Big Data ≠ Big Information
After a series of AI Winters, Big Data acted as the single biggest accelerator to AI research: when data scientists are unhappy with their model’s performance, the first thing they do is try to get more data to help with model generalization.
The problem is, collecting and processing more isn’t cheap, and it’s time consuming too, and you are left managing large amounts of ROT data. Besides, the sad truth is that you’re not even guaranteed that it will make a significant difference, as not every record will contain information that’s both novel and relevant.
At Alectio, we believe it’s time for a paradigm shift from Big Data to Big Information. And that’s exactly what Data Curation will help you achieve: get better results, with less.

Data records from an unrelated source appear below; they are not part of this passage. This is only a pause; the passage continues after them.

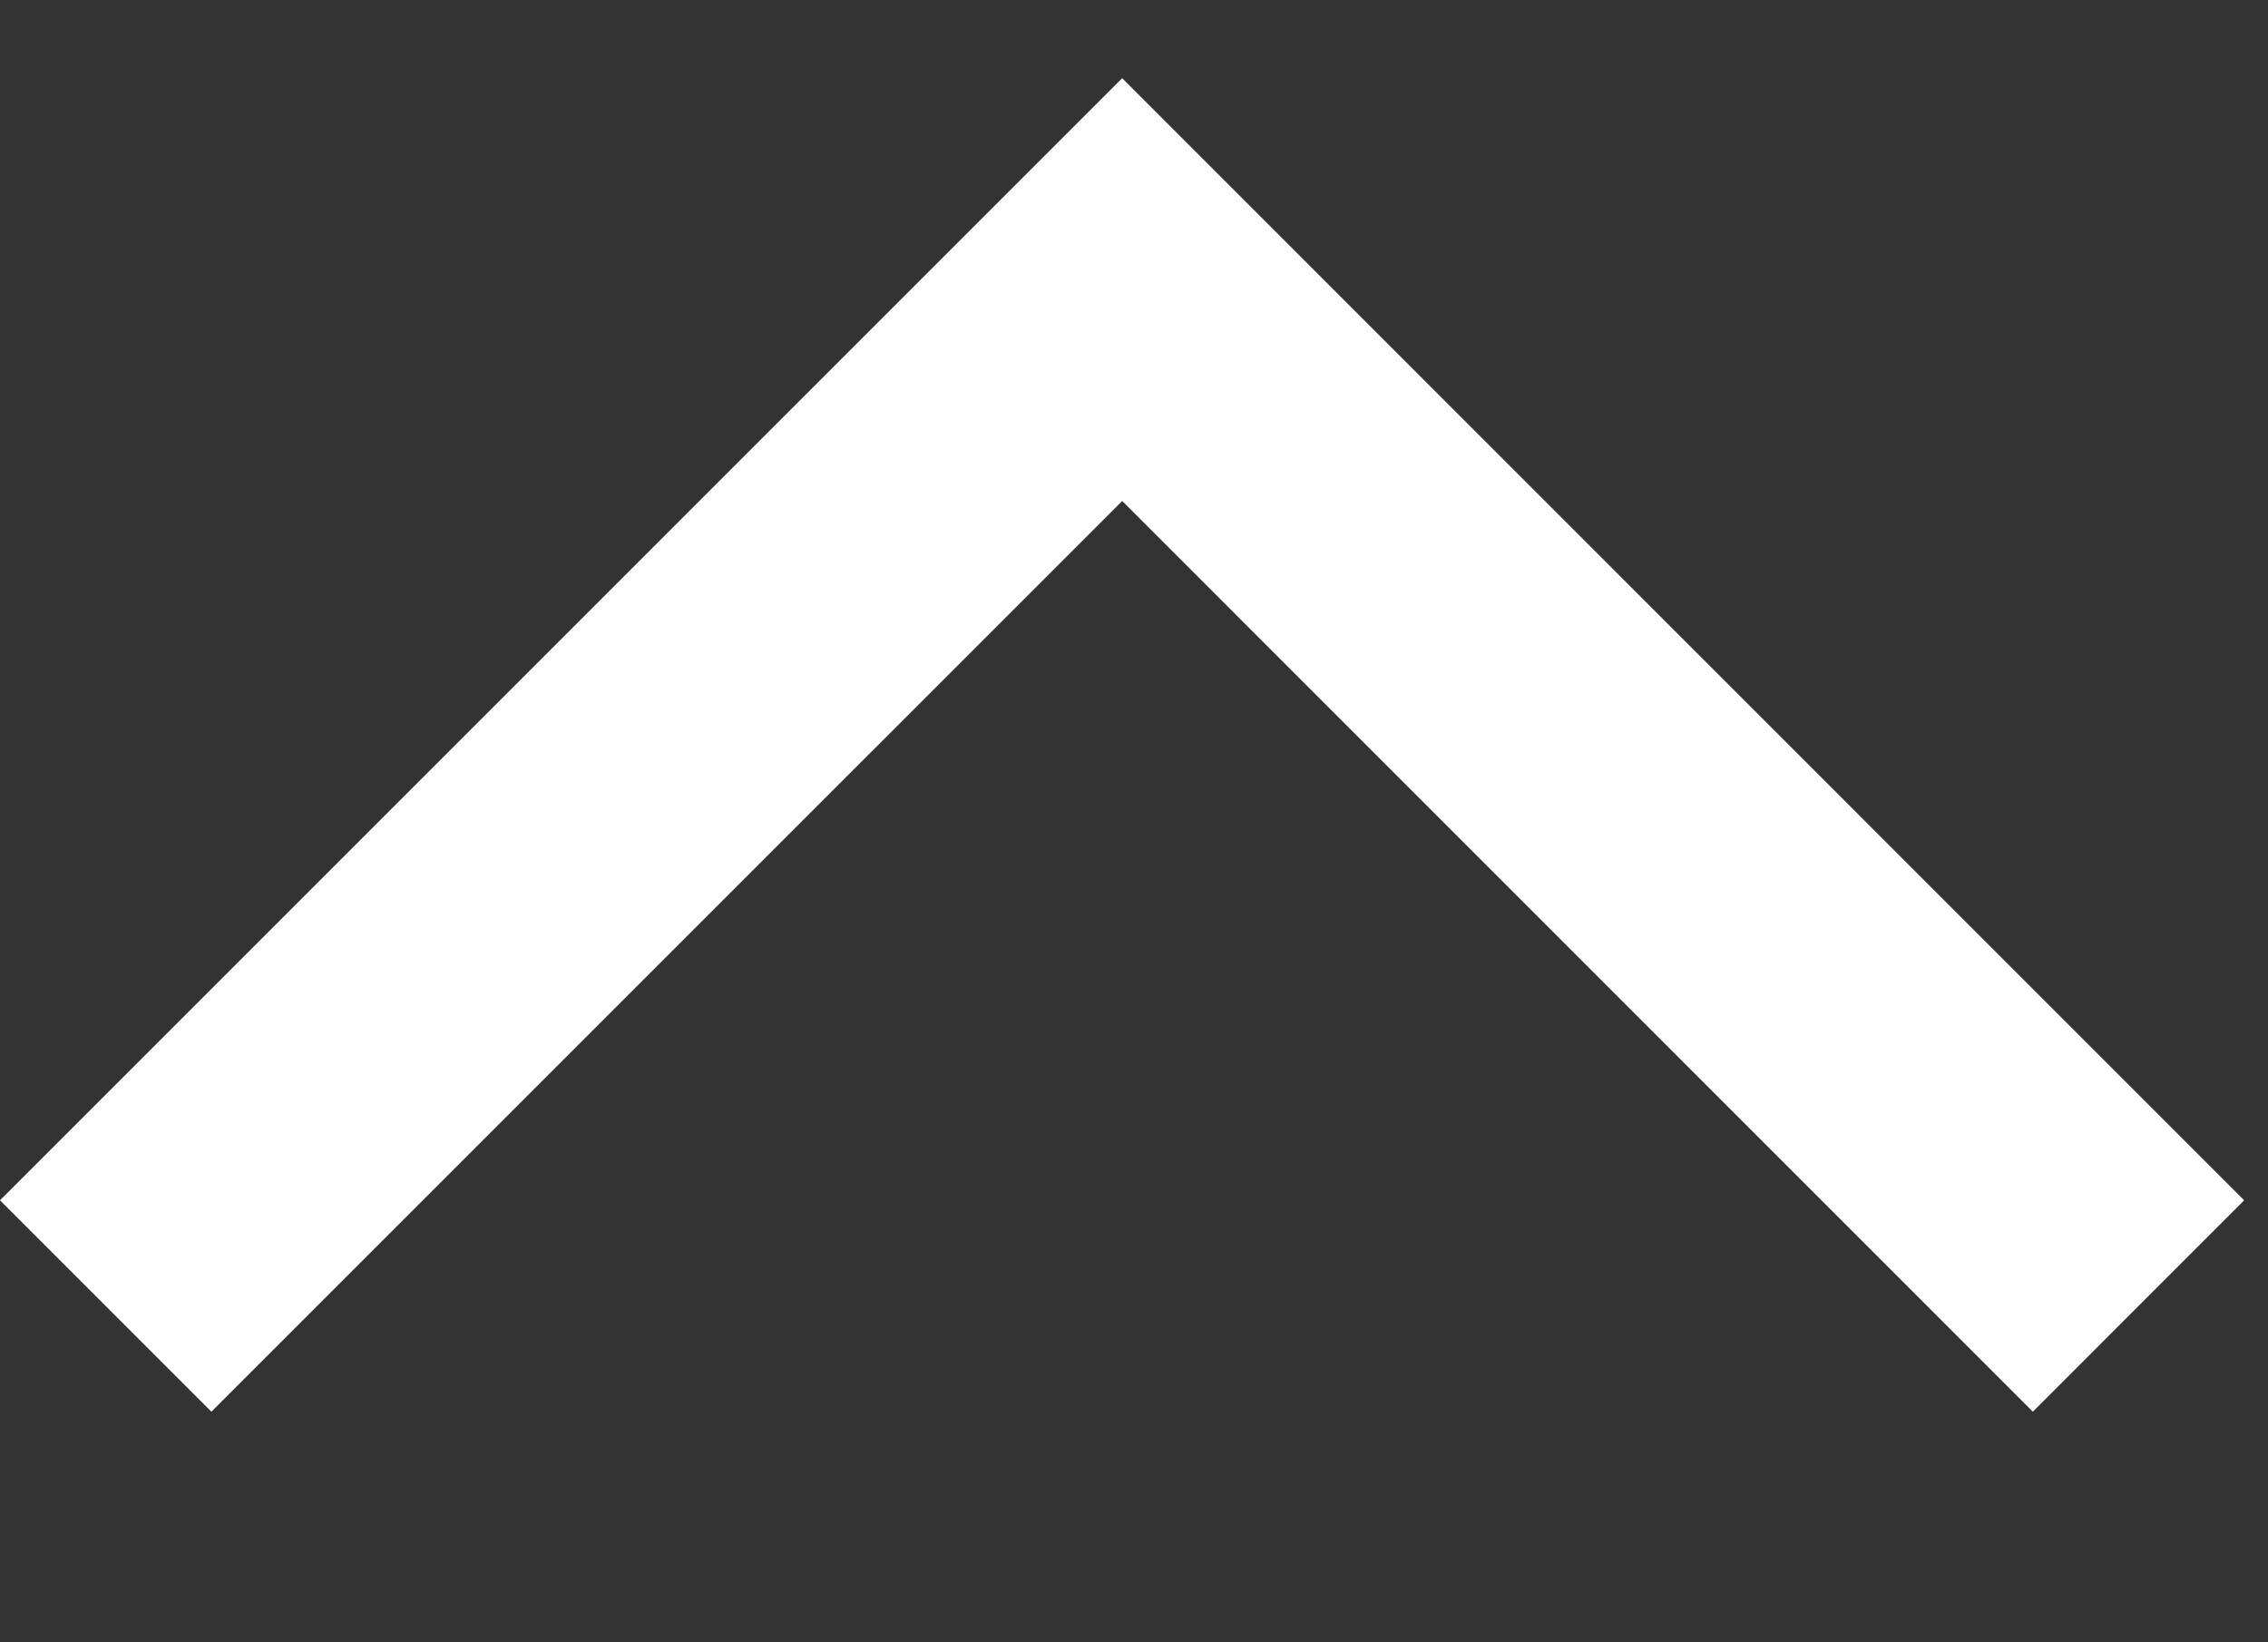 <?xml version="1.0" encoding="utf-8"?>
<!-- Generator: Adobe Illustrator 16.0.4, SVG Export Plug-In . SVG Version: 6.00 Build 0)  -->
<!DOCTYPE svg PUBLIC "-//W3C//DTD SVG 1.1//EN" "http://www.w3.org/Graphics/SVG/1.1/DTD/svg11.dtd">
<svg version="1.1" id="レイヤー_1" xmlns="http://www.w3.org/2000/svg" xmlns:xlink="http://www.w3.org/1999/xlink" x="0px"
	 y="0px" width="29px" height="21px" viewBox="0 0 29 21" enable-background="new 0 0 29 21" xml:space="preserve">
<rect x="0" y="0" width="29" height="21" fill="#333333" stroke="none"/>
<polygon fill="#FFFFFF" points="2.703,18.051 0,15.348 14.349,1 28.695,15.348 25.993,18.051 14.349,6.406 "/>
</svg>
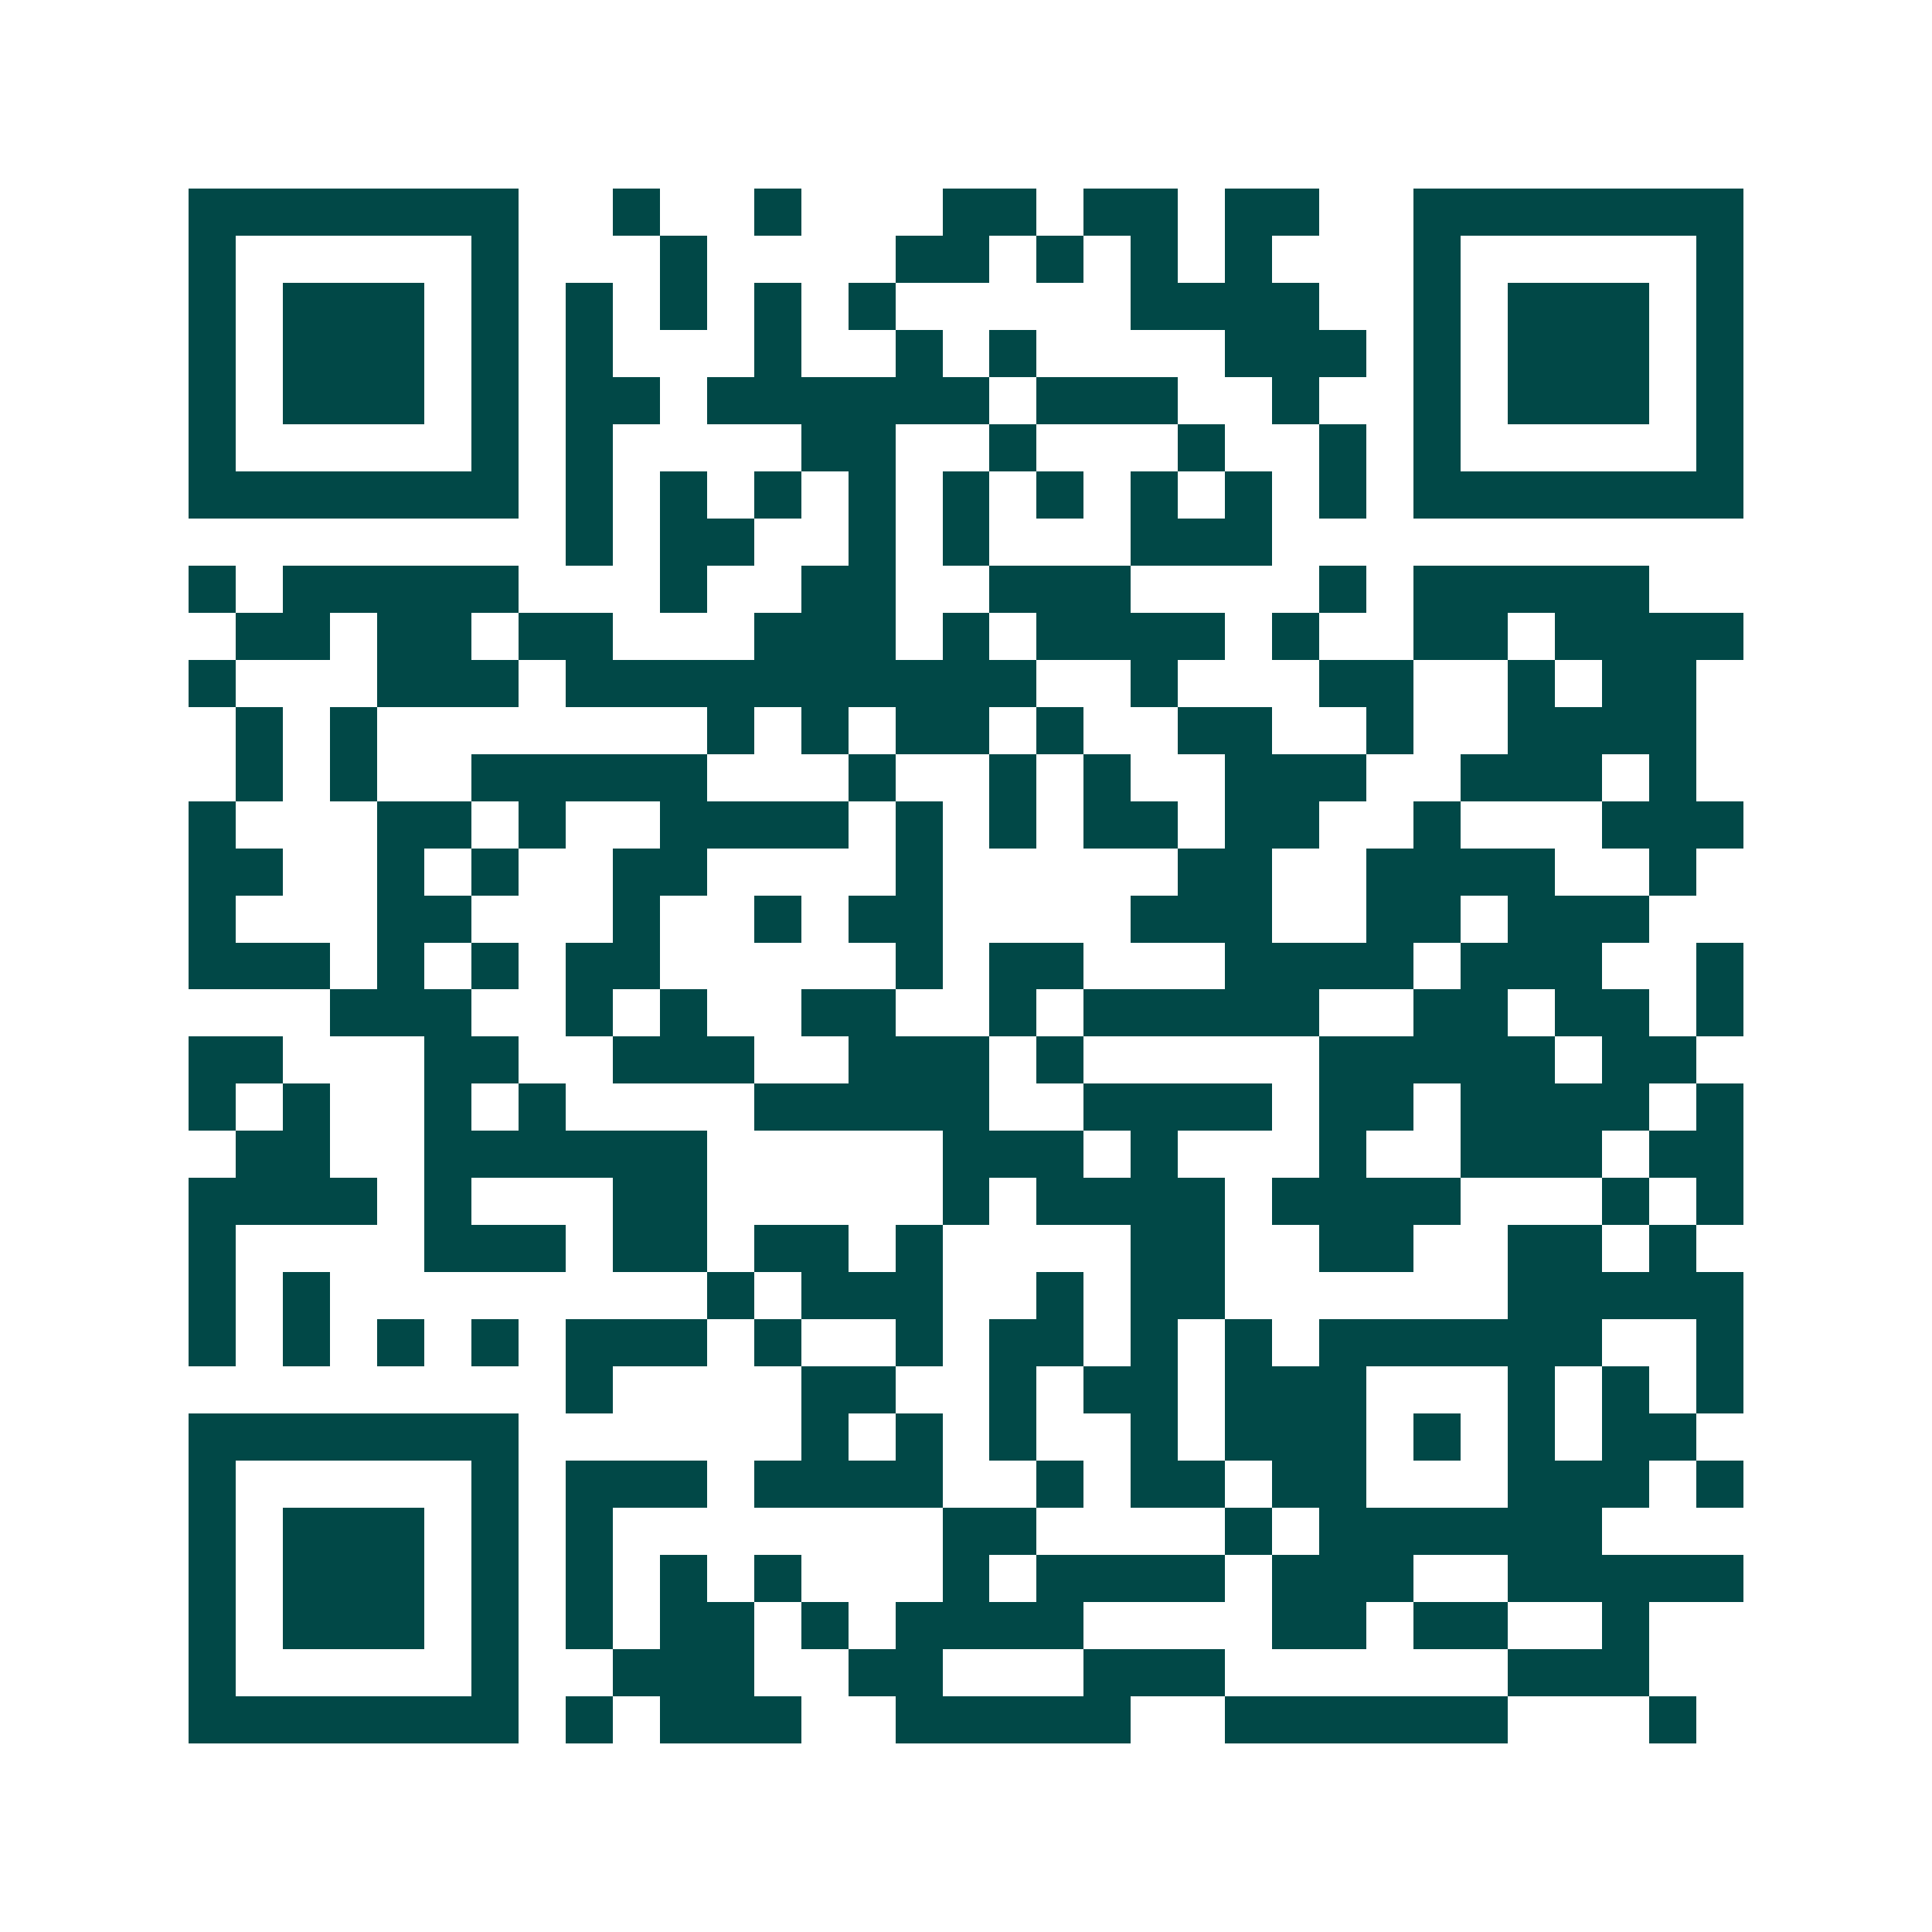 <svg xmlns="http://www.w3.org/2000/svg" width="200" height="200" viewBox="0 0 41 41" shape-rendering="crispEdges"><path fill="#ffffff" d="M0 0h41v41H0z"/><path stroke="#014847" d="M4 4.5h7m2 0h1m2 0h1m3 0h2m1 0h2m1 0h2m2 0h7M4 5.5h1m5 0h1m3 0h1m4 0h2m1 0h1m1 0h1m1 0h1m3 0h1m5 0h1M4 6.5h1m1 0h3m1 0h1m1 0h1m1 0h1m1 0h1m1 0h1m5 0h4m2 0h1m1 0h3m1 0h1M4 7.5h1m1 0h3m1 0h1m1 0h1m3 0h1m2 0h1m1 0h1m4 0h3m1 0h1m1 0h3m1 0h1M4 8.5h1m1 0h3m1 0h1m1 0h2m1 0h6m1 0h3m2 0h1m2 0h1m1 0h3m1 0h1M4 9.5h1m5 0h1m1 0h1m4 0h2m2 0h1m3 0h1m2 0h1m1 0h1m5 0h1M4 10.5h7m1 0h1m1 0h1m1 0h1m1 0h1m1 0h1m1 0h1m1 0h1m1 0h1m1 0h1m1 0h7M12 11.5h1m1 0h2m2 0h1m1 0h1m3 0h3M4 12.5h1m1 0h5m3 0h1m2 0h2m2 0h3m4 0h1m1 0h5M5 13.5h2m1 0h2m1 0h2m3 0h3m1 0h1m1 0h4m1 0h1m2 0h2m1 0h4M4 14.5h1m3 0h3m1 0h10m2 0h1m3 0h2m2 0h1m1 0h2M5 15.5h1m1 0h1m7 0h1m1 0h1m1 0h2m1 0h1m2 0h2m2 0h1m2 0h4M5 16.5h1m1 0h1m2 0h5m3 0h1m2 0h1m1 0h1m2 0h3m2 0h3m1 0h1M4 17.5h1m3 0h2m1 0h1m2 0h4m1 0h1m1 0h1m1 0h2m1 0h2m2 0h1m3 0h3M4 18.5h2m2 0h1m1 0h1m2 0h2m4 0h1m5 0h2m2 0h4m2 0h1M4 19.5h1m3 0h2m3 0h1m2 0h1m1 0h2m4 0h3m2 0h2m1 0h3M4 20.5h3m1 0h1m1 0h1m1 0h2m5 0h1m1 0h2m3 0h4m1 0h3m2 0h1M7 21.5h3m2 0h1m1 0h1m2 0h2m2 0h1m1 0h5m2 0h2m1 0h2m1 0h1M4 22.5h2m3 0h2m2 0h3m2 0h3m1 0h1m5 0h5m1 0h2M4 23.5h1m1 0h1m2 0h1m1 0h1m4 0h5m2 0h4m1 0h2m1 0h4m1 0h1M5 24.5h2m2 0h6m5 0h3m1 0h1m3 0h1m2 0h3m1 0h2M4 25.5h4m1 0h1m3 0h2m5 0h1m1 0h4m1 0h4m3 0h1m1 0h1M4 26.5h1m4 0h3m1 0h2m1 0h2m1 0h1m4 0h2m2 0h2m2 0h2m1 0h1M4 27.5h1m1 0h1m8 0h1m1 0h3m2 0h1m1 0h2m6 0h5M4 28.5h1m1 0h1m1 0h1m1 0h1m1 0h3m1 0h1m2 0h1m1 0h2m1 0h1m1 0h1m1 0h6m2 0h1M12 29.5h1m4 0h2m2 0h1m1 0h2m1 0h3m3 0h1m1 0h1m1 0h1M4 30.5h7m6 0h1m1 0h1m1 0h1m2 0h1m1 0h3m1 0h1m1 0h1m1 0h2M4 31.5h1m5 0h1m1 0h3m1 0h4m2 0h1m1 0h2m1 0h2m3 0h3m1 0h1M4 32.5h1m1 0h3m1 0h1m1 0h1m7 0h2m4 0h1m1 0h6M4 33.5h1m1 0h3m1 0h1m1 0h1m1 0h1m1 0h1m3 0h1m1 0h4m1 0h3m2 0h5M4 34.5h1m1 0h3m1 0h1m1 0h1m1 0h2m1 0h1m1 0h4m4 0h2m1 0h2m2 0h1M4 35.5h1m5 0h1m2 0h3m2 0h2m3 0h3m6 0h3M4 36.5h7m1 0h1m1 0h3m2 0h5m2 0h6m3 0h1"/></svg>

How does Data Curation work?
Active Learning might be mainly a data selection process built to reduce the amount of data used to train a model, but it is actually a process to rank data by order of importance to the model. As such, it can be leveraged as an explainability tool to identify model weaknesses and understand the way information is transferred from raw data into the model.
Diagnostics model issues
The curation experiment report provides a large range of various graphs and metrics which you can leverage to analyze the weaknesses of your model and prevent overfitting.
Training-Time Explainability Framework
Some of the graphs found under the labeling report are there to help you correlate the informational content of the useful records within your data and its impact on model training. This is information that you can use to develop smart data collection strategies, to guide a synthetic data generation process, decide which augmentations to apply on your data or as a more general explainability framework.